Introduction to Perinatal Depression
The 2019 American Academy of Pediatrics Policy Statement defines Perinatal depression (PND) is a major or minor depressive disorder, with an episode occurring during pregnancy or within the first year after the birth of a child. A major depressive episode during pregnancy and the first postpartum year, is estimated to occur in 12% to 19% of the general U.S. population. However, rates of PND are substantially higher among immigrant and U.S.-born Latinas living in the United States at 11% to 50%. African American women, whose estimates of PND range between 7% and 28%. Given the complex psychosocial risk factors among these groups, increased efforts to diagnose and treat Latinas and African American women are needed.

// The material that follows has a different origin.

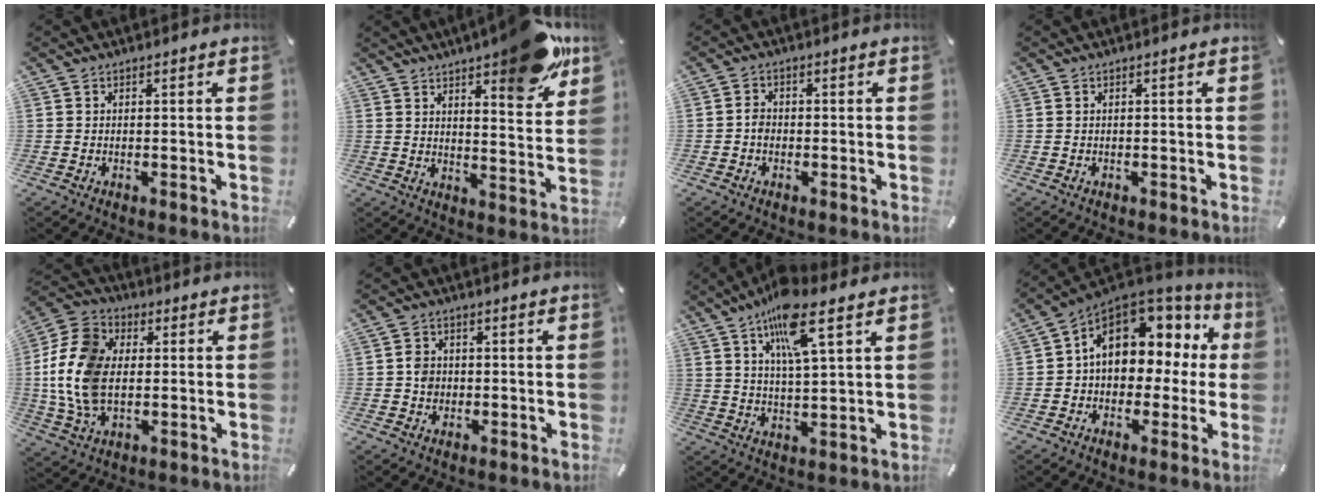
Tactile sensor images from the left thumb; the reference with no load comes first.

In addition, the risk is also higher with multiple births, preterm birth, and congenital or acquired physical or neurodevelopmental deficits in the infant. An infant in the environment of significant perinatal depression is at risk for toxic stress and its consequences. Perinatal depression (PND) is the most common obstetric complication in the United States. The AAP recommends advocacy and training for workforce development for healthcare professionals who care for young children and mother-infant dyads, and for promotion of evidence-based interventions focused on healthy attachment and parent-child relationships.
About the Curriculum
Participating in this curriculum will provide learners with a deep dive into perinatal depression and will enable health care professionals to engage in small group discussions and learn alongside others from across the country.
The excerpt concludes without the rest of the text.